凪は髪を七段に重ね、空気の通り道を作る。

「根元は守って、先端を軽く“ほどく”。あなたは胸の羽を……そう、やさしく揺らして」

「こう?」

「そう、それ!」


髪と羽の流れがふっと同調する。

翻訳機が一拍遅れて微かなハーモニーを重ねる。

まるで理解そのものが音になったみたいだった。


「私たち、互いの毛流で読みあえる」

「その一文、条約の見出しに」と外交士。



日常も、少し楽しくなった。

「次の方ー。《ヴェリダ》の前髪ご希望?」

「前髪、興味」

「じゃ、影を作る“前羽”にしましょう」

「前羽、かわいい」


人間の若いクルーも練習を始める。

「この羽の揺らぎ、怒ってる?」

「違う違う、“照れてる”」

「へえ、便利。嘘つけなくなるね」

「そのぶん、喧嘩が減るよ」


夜。ドームの中央で凪は髪をひと房つまむ。

シィが近づく。「凪」

「なに?」

「きょう、あなたに学んだ語」

「どれ?」

「“おまかせで”」

凪は吹き出した。

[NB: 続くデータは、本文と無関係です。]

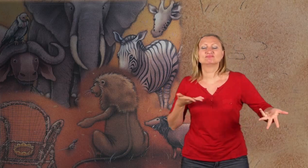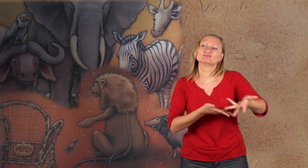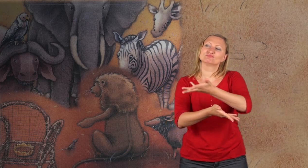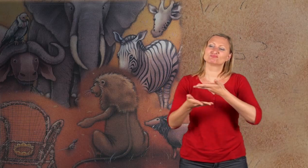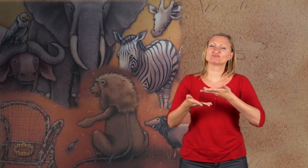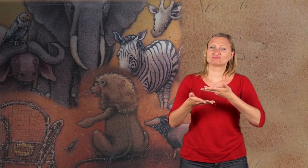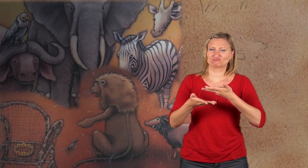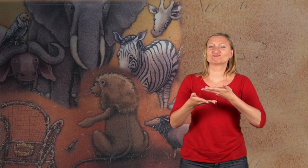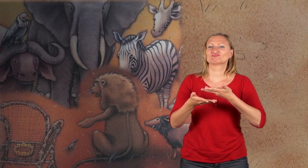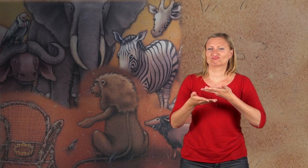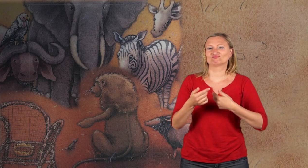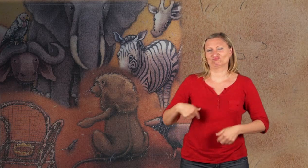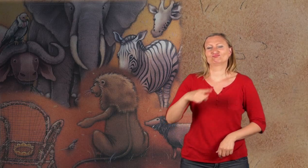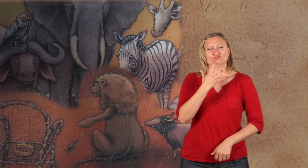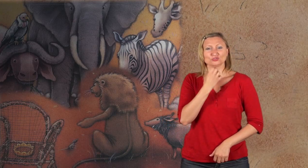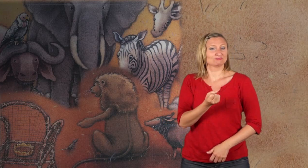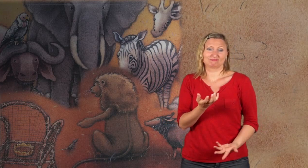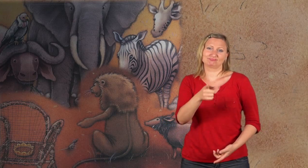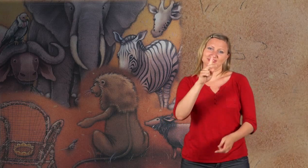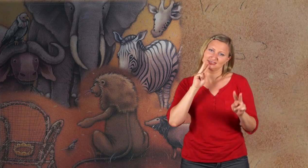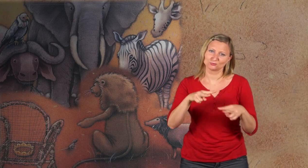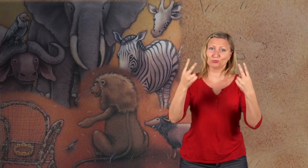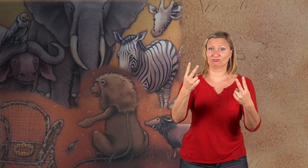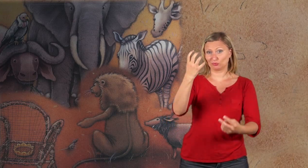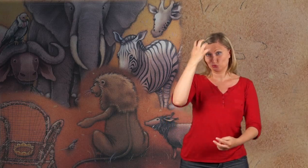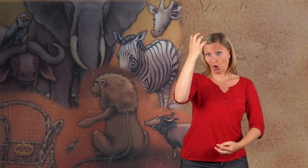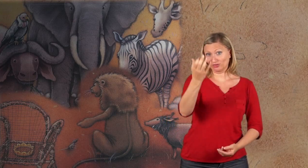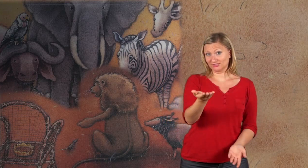Lieber Leo, wir Tiere möchten, dass du wieder unser König bist.

「最高の信頼ワードだね」


ぽん、と小さく髪アラーム。

「明日の予約、追加だ」

「追加、歓迎」

二人は顔を見合わせ、同時に笑った。


《ミルフィーユ》は静かに進む。

髪と羽の流れを整えながら、同じ方向へ。

——“ほどく”ことから生まれた条約は、今日も更新を続けている。